A good number of experiments are performed on widely used 14 Java programs to tune the control parameters and to mitigate the effects of random generation. We compared the results with a popular automatic tool in academia Evosuite and Initial Random tests. These three techniques do not perform equally in identifying the mutants with low-cost test data. Major findings of this experimental work are listed below.

• Empirically, the obtained test suite could detect on average 87.83% (tdgen_gamt), 96.35% (Evosuite), and 79.6% (Initial Random tests) executable traditional faults irrespective of test suite size. This anomaly of preponderance can be explained on the account of measuring the effectiveness of the approach by considering the size of the test suite (test case efficiency). The proposed approach detects the maximum number of mutants with fewer and less complex test cases.

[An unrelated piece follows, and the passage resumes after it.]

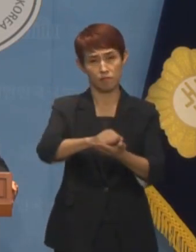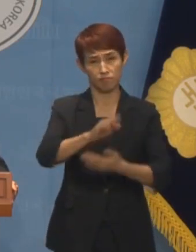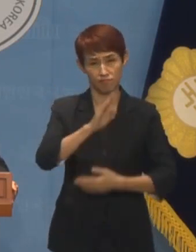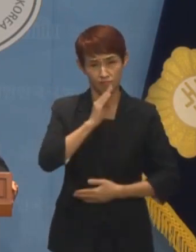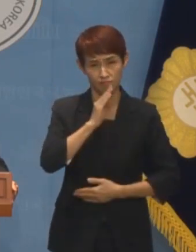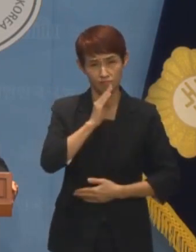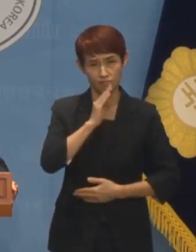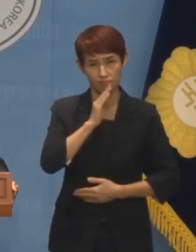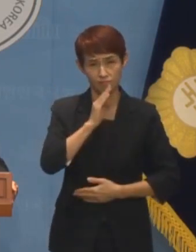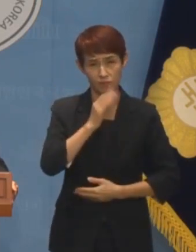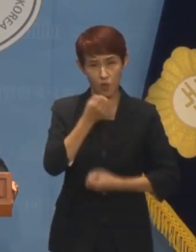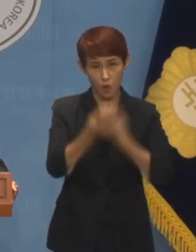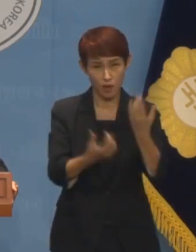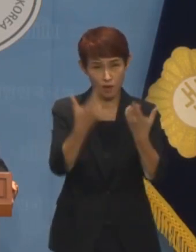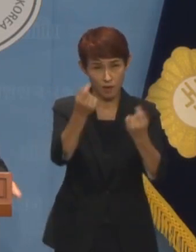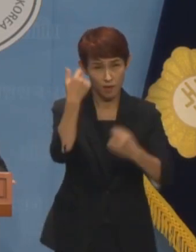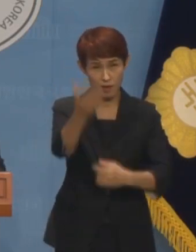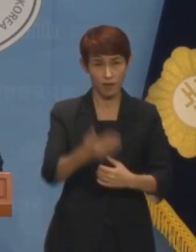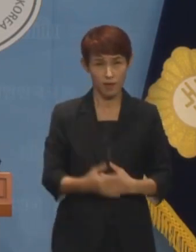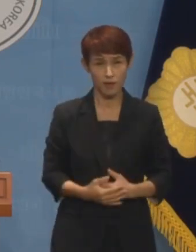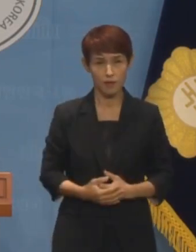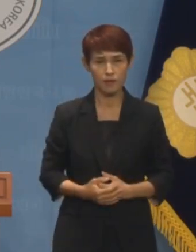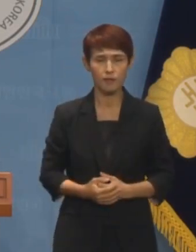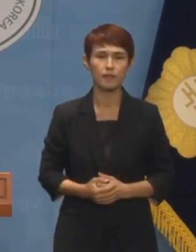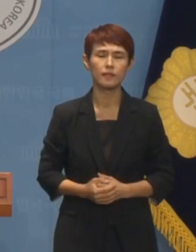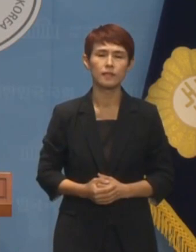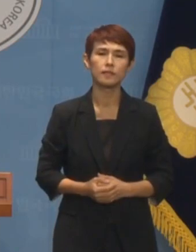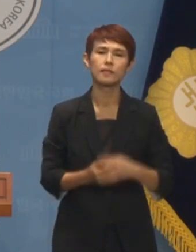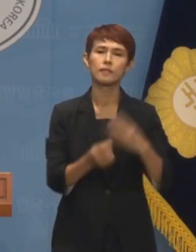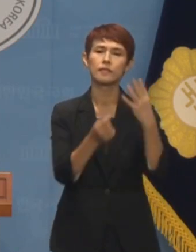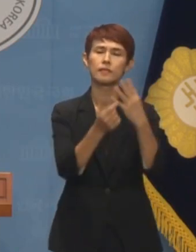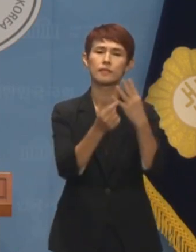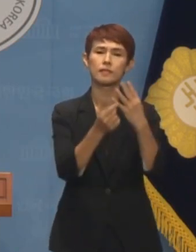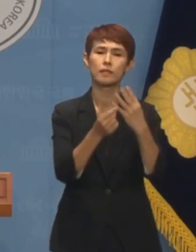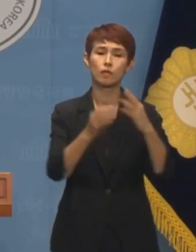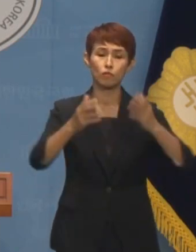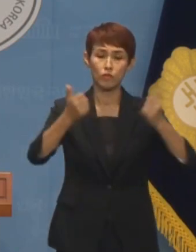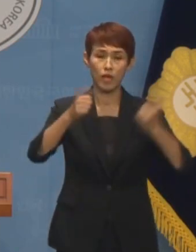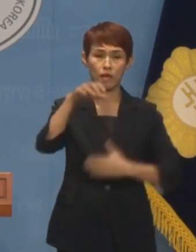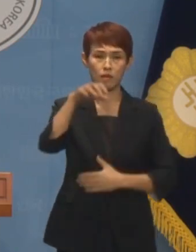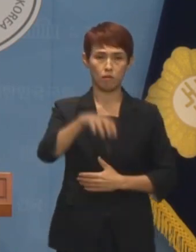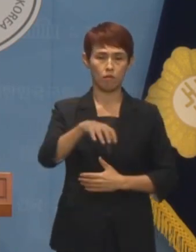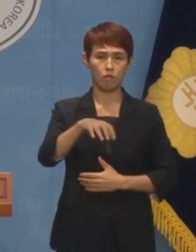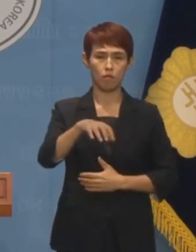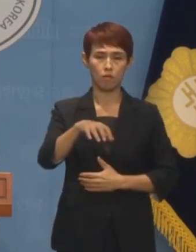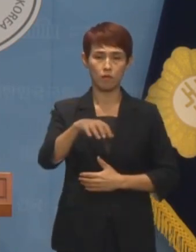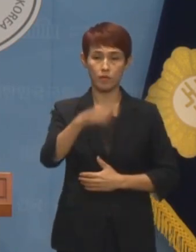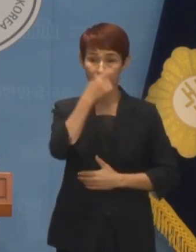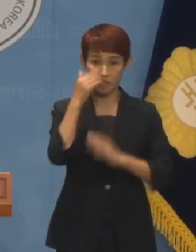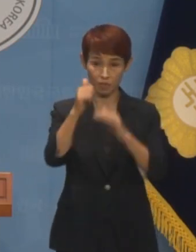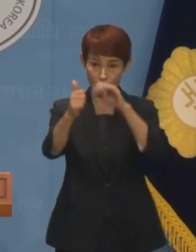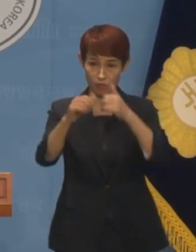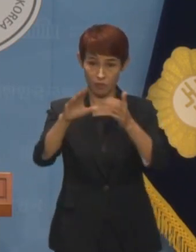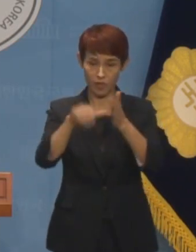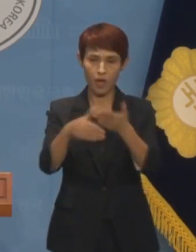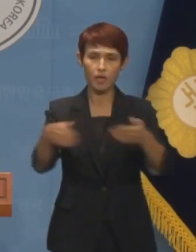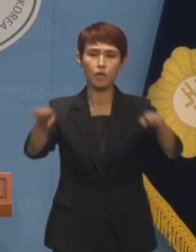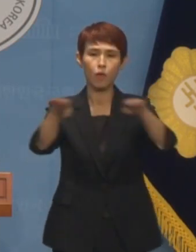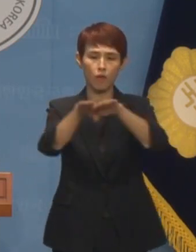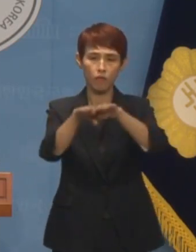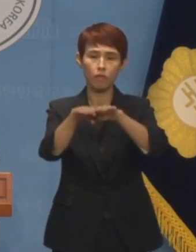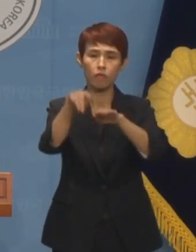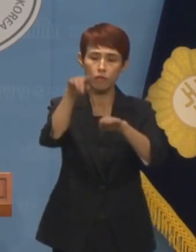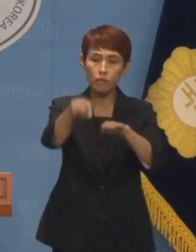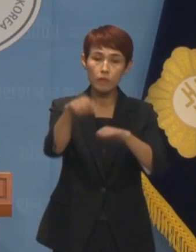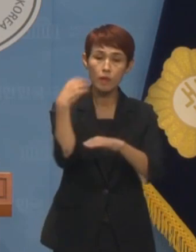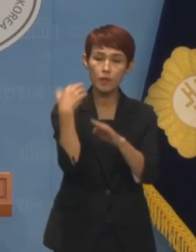이제야 대리실토하는 겁니까? 넷째, 국회에서 기관 증인에게는 각 기관의 협력관에게

• Additionally, we also analyze the detection rate of each fault type from each of the approaches. The results report that tdgen_gamt could perform equally at finding the stubborn mutants. Meanwhile, only 0.3%, 1.1%, and 1.9% SDL-ODL mutants are identified as stubborn by tdgen_gamt, Evosuite, and Initial Random tests, respectively. This indicates tdgen_gamt successfully killed approximately all the mutants and may easily detect stubborn mutants.
• Also the removal of redundant tests raises the efficiency of the approach. In particular, based on the conducted study, our approach tdgen_gamt generates 13%, 205% more efficient and 18%, 60% reduced test suite than Evosuite and Initial Random tests respectively. A set of test cases that is redundant for one set of mutants may not be redundant for another set of mutants.
• During reproduction, crossover operation is performed only once on each parent test case. This choice of reproduction operator also lowers the time complexity of tdgen_gamt.
• The use of elitism helps in fast convergence.
• The suggested fitness function appropriately guides the search process by finding the highly effective and less complex test cases in terms of finding the faults.
• Our approach successfully qualifies the stability test and fails only 5% (on average) in identifying more than 90% mutants.
• Use of low-cost mutation operators (produces 80% fewer mutants than traditional mutants) makes it easily adaptable by others.